Catalytic site of wild-type or mutant HIV-1 integrase in the intasome complex. HIV-1 integrase is shown in cartoon and colored cyan. Selected catalytic site amino acid residues are displayed as sticks and colored cyan unless otherwise designated. Both the vDNA and tDNA substrates are shown in cartoon and colored orange. The terminal viral 3′ adenosine and target 3′ thymidine are displayed in cartoon and colored magenta and orange, respectively. The catalytic magnesium (Mg2+) is displayed in ball-and-stick format and colored green. Hydrogen bonds are depicted as yellow dashed lines. (A) View of the wild-type HIV-1 catalytic site illustrating the vDNA/tDNA interface and the mechanism of the integration process facilitated by D64, D116, and the Mg2+. (B) Identical view of the G118R HIV-1 catalytic site illustrating the hydrogen bonding complex formed among the terminal tDNA, R118 (in pink), and E92 (in pink) with the addition of the G118R resistance mutant. (C) Identical view of the L74M/V75A HIV-1 catalytic site illustrating the location of M74 (in pink) and A75 (in pink) relative to the nearby catalytic site residues L63, C65, and F121. (D) Identical view of the L74M/V75A/G118R HIV-1 catalytic site illustrating the location of M74 (in pink) and A75 (in pink) relative to R118 (in pink) and E92 (in pink). tDNA, host target DNA; vDNA, viral DNA.
DISCUSSION
This report characterizes the development of INSTI resistance among 8 pediatric participants in the P1093 study who acquired resistance-associated integrase substitutions while receiving dolutegravir. In 6 of the 8 participants, the INSTI substitution G118R or R263K emerged during dolutegravir treatment. HIV-1 clones with either of these INSTI substitutions impacted fold changes in dolutegravir susceptibility; however, the degree of reduced susceptibility was influenced by the presence of ≥1 secondary INSTI substitutions. Clonal data showed these secondary substitutions to be linked on the same genome with either G118R or R263K. Modeling data described the impact of these linked INSTI substitutions on the integrase structure and their ability to constrict the catalytic pocket and reduce dolutegravir binding. Clinically, each participant showed an ability to initially suppress HIV-1 on dolutegravir treatment, but the degree of suppression before PDVF varied across the 8 participants; adherence (per the site’s investigator) was decreased for each participant leading up to the detection of INSTI resistance. While this investigation provided additional knowledge on observed INSTI resistance patterns, there was not enough information available to identify a clinical or virological factor that would predict the emergence of these INSTI resistance substitutions in children.
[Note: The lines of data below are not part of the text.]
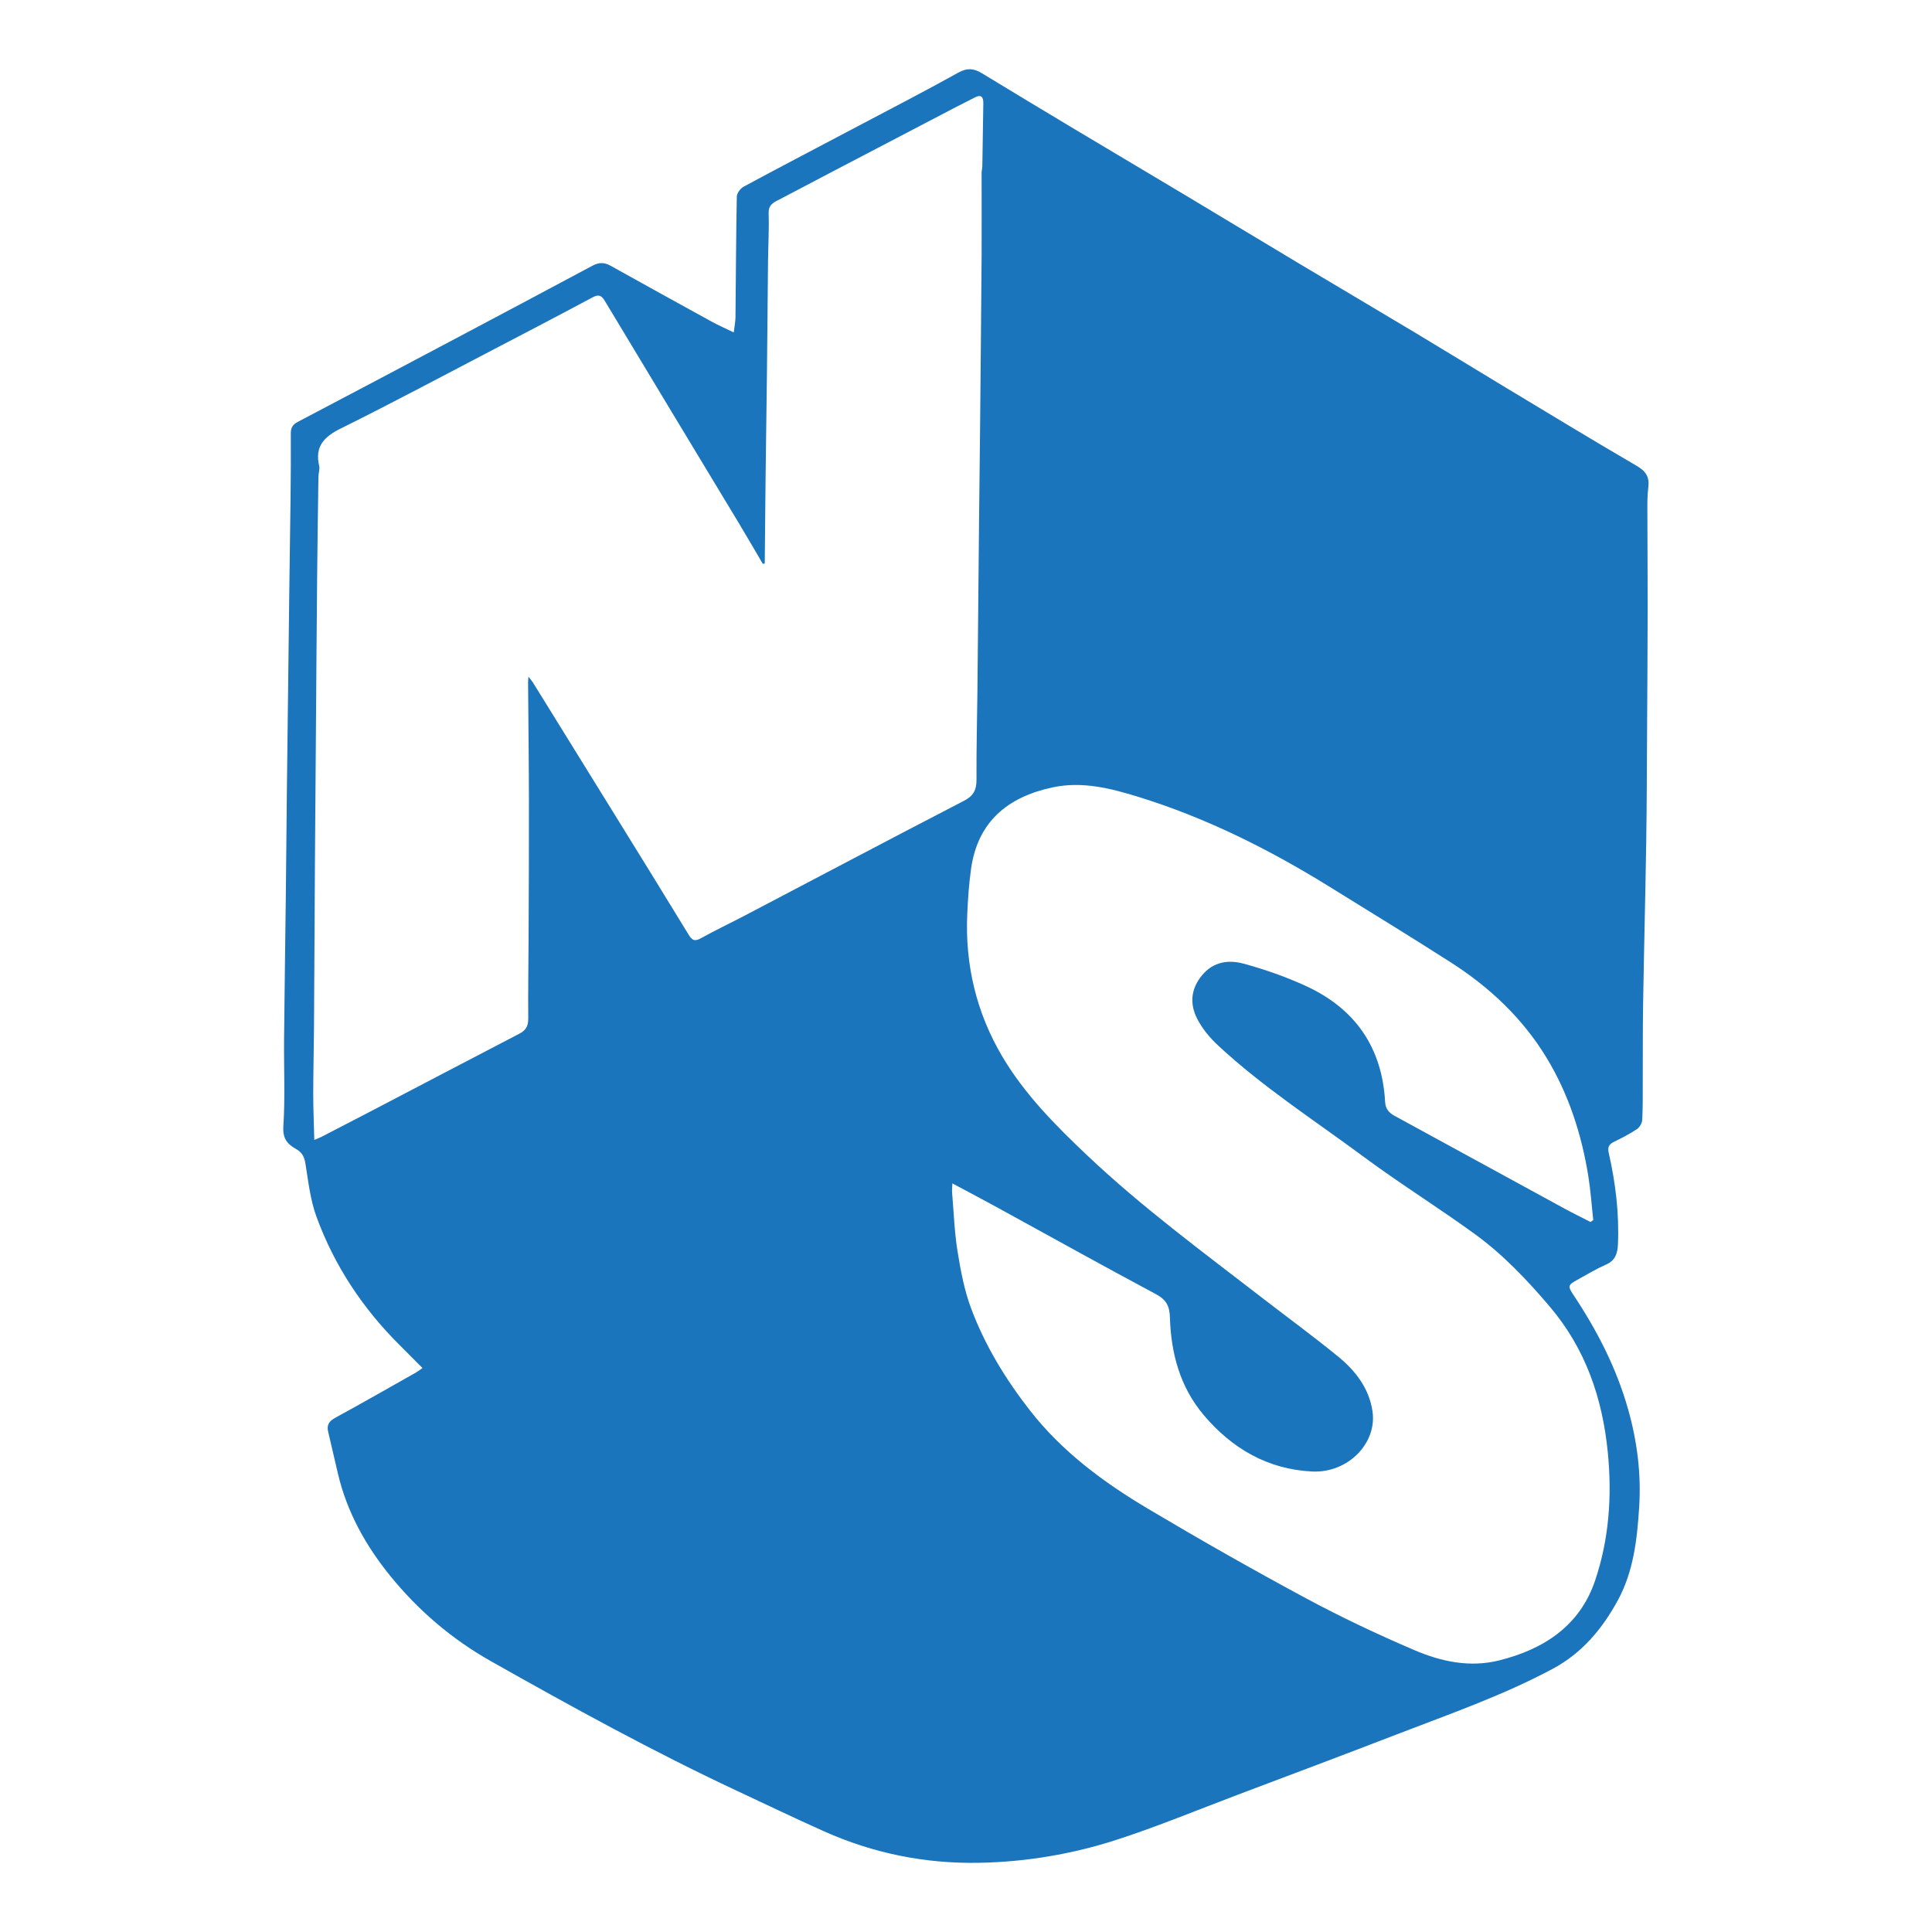 <?xml version="1.0" encoding="UTF-8" standalone="no"?>
<!-- Created with Inkscape (http://www.inkscape.org/) -->

<svg
   width="300"
   height="300"
   viewBox="0 0 79.375 79.375"
   version="1.1"
   id="svg2407"
   inkscape:version="1.1 (c4e8f9ed74, 2021-05-24)"
   sodipodi:docname="nastrojarnasemily.svg"
   xmlns:inkscape="http://www.inkscape.org/namespaces/inkscape"
   xmlns:sodipodi="http://sodipodi.sourceforge.net/DTD/sodipodi-0.dtd"
   xmlns="http://www.w3.org/2000/svg"
   xmlns:svg="http://www.w3.org/2000/svg">
  <sodipodi:namedview
     id="namedview2409"
     pagecolor="#ffffff"
     bordercolor="#666666"
     borderopacity="1.0"
     inkscape:pageshadow="2"
     inkscape:pageopacity="0.0"
     inkscape:pagecheckerboard="0"
     inkscape:document-units="mm"
     showgrid="false"
     units="px"
     inkscape:zoom="1.0318224"
     inkscape:cx="-97.400487"
     inkscape:cy="300.92389"
     inkscape:window-width="1920"
     inkscape:window-height="1146"
     inkscape:window-x="1920"
     inkscape:window-y="0"
     inkscape:window-maximized="1"
     inkscape:current-layer="layer1" />
  <defs
     id="defs2404">
    <clipPath
       clipPathUnits="userSpaceOnUse"
       id="clipPath1571">
      <path
         d="M 0,188.525 H 370.139 V 0 H 0 Z"
         id="path1569" />
    </clipPath>
    <clipPath
       clipPathUnits="userSpaceOnUse"
       id="clipPath1768">
      <path
         d="M 0,100.913 H 262.772 V 0 H 0 Z"
         id="path1766" />
    </clipPath>
    <clipPath
       clipPathUnits="userSpaceOnUse"
       id="clipPath2036">
      <path
         d="M 0,99.21 H 255.118 V 0 H 0 Z"
         id="path2034" />
    </clipPath>
    <clipPath
       clipPathUnits="userSpaceOnUse"
       id="clipPath2257">
      <path
         d="M 0,708.661 H 708.661 V 0 H 0 Z"
         id="path2255" />
    </clipPath>
    <linearGradient
       x1="0"
       y1="0"
       x2="1"
       y2="0"
       gradientUnits="userSpaceOnUse"
       gradientTransform="matrix(406.621,0,0,406.621,151.021,367.212)"
       spreadMethod="pad"
       id="linearGradient2289">
      <stop
         style="stop-opacity:1;stop-color:#2ebbe2"
         offset="0"
         id="stop2283" />
      <stop
         style="stop-opacity:1;stop-color:#2ebbe2"
         offset="0"
         id="stop2285" />
      <stop
         style="stop-opacity:1;stop-color:#51bf4d"
         offset="1"
         id="stop2287" />
    </linearGradient>
    <clipPath
       clipPathUnits="userSpaceOnUse"
       id="clipPath2299">
      <path
         d="M 0,708.661 H 708.661 V 0 H 0 Z"
         id="path2297" />
    </clipPath>
  </defs>
  <g
     inkscape:label="Vrstva 1"
     inkscape:groupmode="layer"
     id="layer1">
    <g
       id="g198"
       transform="matrix(0.752,0,0,-0.752,17.358,56.205)">
      <path
         d="m 0,0 c -0.441,0.444 -0.832,0.839 -1.227,1.231 -2.035,2.019 -3.591,4.361 -4.571,7.05 -0.334,0.918 -0.441,1.922 -0.599,2.896 -0.059,0.366 -0.189,0.607 -0.505,0.786 -0.475,0.266 -0.743,0.564 -0.7,1.235 0.102,1.582 0.024,3.174 0.039,4.762 0.024,2.628 0.067,5.256 0.097,7.884 0.023,1.968 0.036,3.936 0.059,5.904 0.041,3.566 0.085,7.132 0.13,10.698 0.021,1.702 0.05,3.405 0.069,5.108 0.013,1.173 0.021,2.348 0.014,3.522 -0.002,0.308 0.113,0.474 0.384,0.617 2.94,1.544 5.873,3.098 8.807,4.652 2.436,1.292 4.872,2.585 7.304,3.886 0.341,0.183 0.64,0.179 0.978,-0.01 1.832,-1.023 3.67,-2.037 5.51,-3.047 0.369,-0.202 0.757,-0.372 1.215,-0.595 0.041,0.344 0.093,0.584 0.096,0.823 0.024,2.2 0.029,4.401 0.072,6.6 0.004,0.188 0.201,0.447 0.378,0.543 2.094,1.127 4.202,2.227 6.304,3.337 1.811,0.957 3.632,1.896 5.421,2.892 0.483,0.269 0.85,0.231 1.281,-0.031 1.694,-1.03 3.392,-2.054 5.093,-3.072 1.997,-1.195 3.999,-2.38 5.996,-3.576 2.097,-1.255 4.188,-2.521 6.286,-3.776 2.097,-1.254 4.203,-2.495 6.299,-3.752 1.6,-0.96 3.189,-1.938 4.788,-2.902 2.435,-1.466 4.864,-2.944 7.32,-4.376 0.504,-0.294 0.705,-0.61 0.632,-1.177 -0.059,-0.457 -0.051,-0.925 -0.05,-1.388 0,-1.72 0.018,-3.44 0.015,-5.16 C 66.931,39.281 66.917,37 66.903,34.718 66.891,32.717 66.888,30.717 66.856,28.717 66.81,25.776 66.734,22.836 66.686,19.895 66.663,18.457 66.674,17.019 66.667,15.58 66.664,14.903 66.676,14.225 66.637,13.55 66.627,13.373 66.491,13.146 66.343,13.048 65.945,12.785 65.516,12.564 65.086,12.354 64.813,12.222 64.74,12.051 64.807,11.76 65.182,10.113 65.385,8.448 65.311,6.753 65.289,6.257 65.166,5.875 64.659,5.651 64.116,5.411 63.604,5.101 63.083,4.815 62.575,4.536 62.564,4.47 62.884,3.989 c 1.287,-1.936 2.342,-3.981 2.979,-6.228 0.5,-1.762 0.726,-3.543 0.607,-5.382 -0.113,-1.76 -0.309,-3.492 -1.162,-5.064 -0.848,-1.562 -1.958,-2.891 -3.568,-3.752 -2.732,-1.461 -5.651,-2.473 -8.528,-3.584 -2.877,-1.111 -5.765,-2.194 -8.651,-3.283 -2.206,-0.833 -4.389,-1.739 -6.63,-2.466 -2.424,-0.785 -4.937,-1.21 -7.497,-1.26 -2.967,-0.059 -5.814,0.516 -8.522,1.73 -1.58,0.708 -3.141,1.457 -4.71,2.191 -4.598,2.151 -9.041,4.596 -13.459,7.09 -2.133,1.204 -3.96,2.764 -5.492,4.647 -1.342,1.651 -2.376,3.494 -2.87,5.597 -0.18,0.769 -0.36,1.539 -0.538,2.309 -0.082,0.356 0.056,0.565 0.385,0.745 1.479,0.807 2.942,1.644 4.409,2.473 C -0.265,-0.193 -0.176,-0.121 0,0 Z M 18.699,43.947 18.59,43.94 c -0.443,0.753 -0.879,1.51 -1.331,2.259 -2.432,4.032 -4.871,8.06 -7.295,12.097 C 9.762,58.633 9.601,58.663 9.262,58.48 7.444,57.505 5.614,56.551 3.785,55.597 1.047,54.169 -1.677,52.713 -4.443,51.343 -5.364,50.887 -5.896,50.368 -5.645,49.29 -5.603,49.107 -5.682,48.898 -5.685,48.7 -5.712,46.849 -5.74,44.999 -5.757,43.148 -5.784,40.254 -5.803,37.36 -5.825,34.466 c -0.017,-2.2 -0.036,-4.398 -0.05,-6.597 -0.019,-3.076 -0.032,-6.153 -0.052,-9.229 -0.008,-1.222 -0.041,-2.445 -0.042,-3.668 0,-0.818 0.036,-1.635 0.058,-2.509 0.169,0.072 0.289,0.115 0.4,0.172 0.927,0.478 1.853,0.956 2.777,1.439 2.677,1.398 5.351,2.803 8.032,4.195 0.353,0.183 0.483,0.424 0.479,0.824 -0.012,1.455 0.013,2.91 0.019,4.364 0.01,2.498 0.024,4.995 0.019,7.493 -0.003,2.168 -0.031,4.336 -0.047,6.504 -10e-4,0.076 0.01,0.153 0.021,0.317 0.119,-0.154 0.193,-0.235 0.25,-0.326 1.505,-2.43 3.01,-4.86 4.513,-7.292 1.338,-2.164 2.678,-4.327 4.002,-6.5 0.192,-0.314 0.346,-0.345 0.666,-0.167 0.794,0.441 1.616,0.829 2.42,1.251 3.979,2.086 7.95,4.187 11.94,6.252 0.527,0.272 0.69,0.599 0.687,1.16 -0.01,1.62 0.034,3.24 0.051,4.86 0.032,3.107 0.058,6.215 0.089,9.323 0.016,1.652 0.039,3.305 0.055,4.957 0.03,3.176 0.062,6.351 0.085,9.527 0.01,1.488 -0.003,2.976 -0.001,4.464 0,0.132 0.037,0.263 0.04,0.395 0.02,1.14 0.037,2.281 0.054,3.422 0.005,0.362 -0.128,0.5 -0.485,0.309 -0.333,-0.179 -0.677,-0.34 -1.012,-0.516 -2.299,-1.2 -4.598,-2.401 -6.896,-3.604 -0.966,-0.506 -1.929,-1.018 -2.896,-1.521 -0.281,-0.146 -0.452,-0.302 -0.44,-0.679 0.028,-0.874 -0.023,-1.751 -0.033,-2.626 -0.022,-2.034 -0.036,-4.067 -0.059,-6.1 -0.022,-1.918 -0.052,-3.836 -0.075,-5.754 -0.018,-1.553 -0.03,-3.106 -0.045,-4.659 z M 63.811,7.98 63.962,8.082 c -0.087,0.8 -0.141,1.605 -0.269,2.399 -0.367,2.285 -1.071,4.467 -2.269,6.45 -1.313,2.174 -3.131,3.881 -5.261,5.242 -2.198,1.406 -4.425,2.769 -6.644,4.143 -3.27,2.023 -6.689,3.735 -10.372,4.877 -1.534,0.475 -3.091,0.878 -4.72,0.531 -2.445,-0.521 -4.093,-1.862 -4.458,-4.456 -0.115,-0.815 -0.17,-1.64 -0.207,-2.463 -0.123,-2.778 0.497,-5.387 1.911,-7.78 1.233,-2.085 2.931,-3.789 4.676,-5.439 2.963,-2.8 6.242,-5.214 9.461,-7.702 1.412,-1.091 2.854,-2.144 4.234,-3.274 0.934,-0.764 1.667,-1.719 1.856,-2.96 0.266,-1.749 -1.331,-3.398 -3.297,-3.303 -2.426,0.117 -4.384,1.258 -5.931,3.094 -1.29,1.532 -1.782,3.373 -1.838,5.331 C 40.816,3.395 40.63,3.737 40.067,4.038 37.153,5.595 34.267,7.203 31.37,8.79 30.594,9.215 29.811,9.627 28.949,10.088 28.941,9.85 28.923,9.71 28.935,9.571 c 0.091,-1.069 0.127,-2.147 0.298,-3.203 0.17,-1.054 0.37,-2.125 0.743,-3.118 0.758,-2.021 1.876,-3.855 3.207,-5.561 1.771,-2.271 4.043,-3.945 6.481,-5.393 2.838,-1.687 5.71,-3.319 8.617,-4.882 1.918,-1.031 3.896,-1.963 5.897,-2.821 1.466,-0.629 3.034,-0.969 4.646,-0.566 2.444,0.612 4.407,1.891 5.242,4.369 0.761,2.257 0.927,4.618 0.692,6.993 -0.292,2.957 -1.211,5.659 -3.17,7.966 -1.238,1.457 -2.548,2.838 -4.089,3.96 -1.99,1.448 -4.087,2.75 -6.064,4.215 -2.693,1.996 -5.524,3.816 -7.987,6.11 -0.439,0.409 -0.844,0.9 -1.117,1.429 -0.424,0.818 -0.364,1.646 0.266,2.399 0.619,0.74 1.446,0.846 2.257,0.626 1.156,-0.313 2.302,-0.715 3.391,-1.213 2.696,-1.232 4.18,-3.35 4.346,-6.337 0.022,-0.387 0.21,-0.598 0.522,-0.768 3.091,-1.684 6.178,-3.374 9.268,-5.059 0.471,-0.256 0.953,-0.491 1.43,-0.737"
         style="fill:#1b75bc;fill-opacity:1;fill-rule:nonzero;stroke:none"
         id="path200" />
    </g>
  </g>
</svg>

Emergent INSTI resistance has been previously reported among pediatric patients aged 4 weeks to <19 years who had virologic failure after treatment with the first-generation INSTI raltegravir in the P1066 study. Raltegravir resistance-associated substitutions developed in 15 of 40 participants with virologic failure by week 48 and in 19 of 60 by week 240 (3, 20, 21).
The INSTI resistance substitutions observed in the P1093 study were similar to those observed in ART-experienced adults (9). In the larger adult phase III studies DAWNING and SAILING, emergence of G118R and/or R263K with dolutegravir occurred in <2% of participants (9, 22). Adults with G118R and/or R263K substitutions exhibited suppressed or declining viral loads before meeting PDVF criteria, similar to observations in the P1093 study. In observations from adults, the reported degree of reduced dolutegravir susceptibility when either INSTI substitution was present was similar to observations from the P1093 study. In addition, a recent meta-analysis of 11 studies enrolling >1,100 INSTI-naive adults also reported 19 cases with development of G118R (n = 6) and/or R263K (n = 13) while on a dolutegravir-based regimen (8). This meta-analysis reported that G118R was observed most often in dolutegravir monotherapy studies (8). Importantly, there have been no clinical observations of G118R or R263K integrase substitutions in adult participants experiencing virologic failure while receiving fixed-dose combinations of dolutegravir, such as abacavir-dolutegravir-lamivudine or dolutegravir-lamivudine, or in those who are virologically suppressed and starting a dolutegravir-based 3-drug regimen (8, 23, 24).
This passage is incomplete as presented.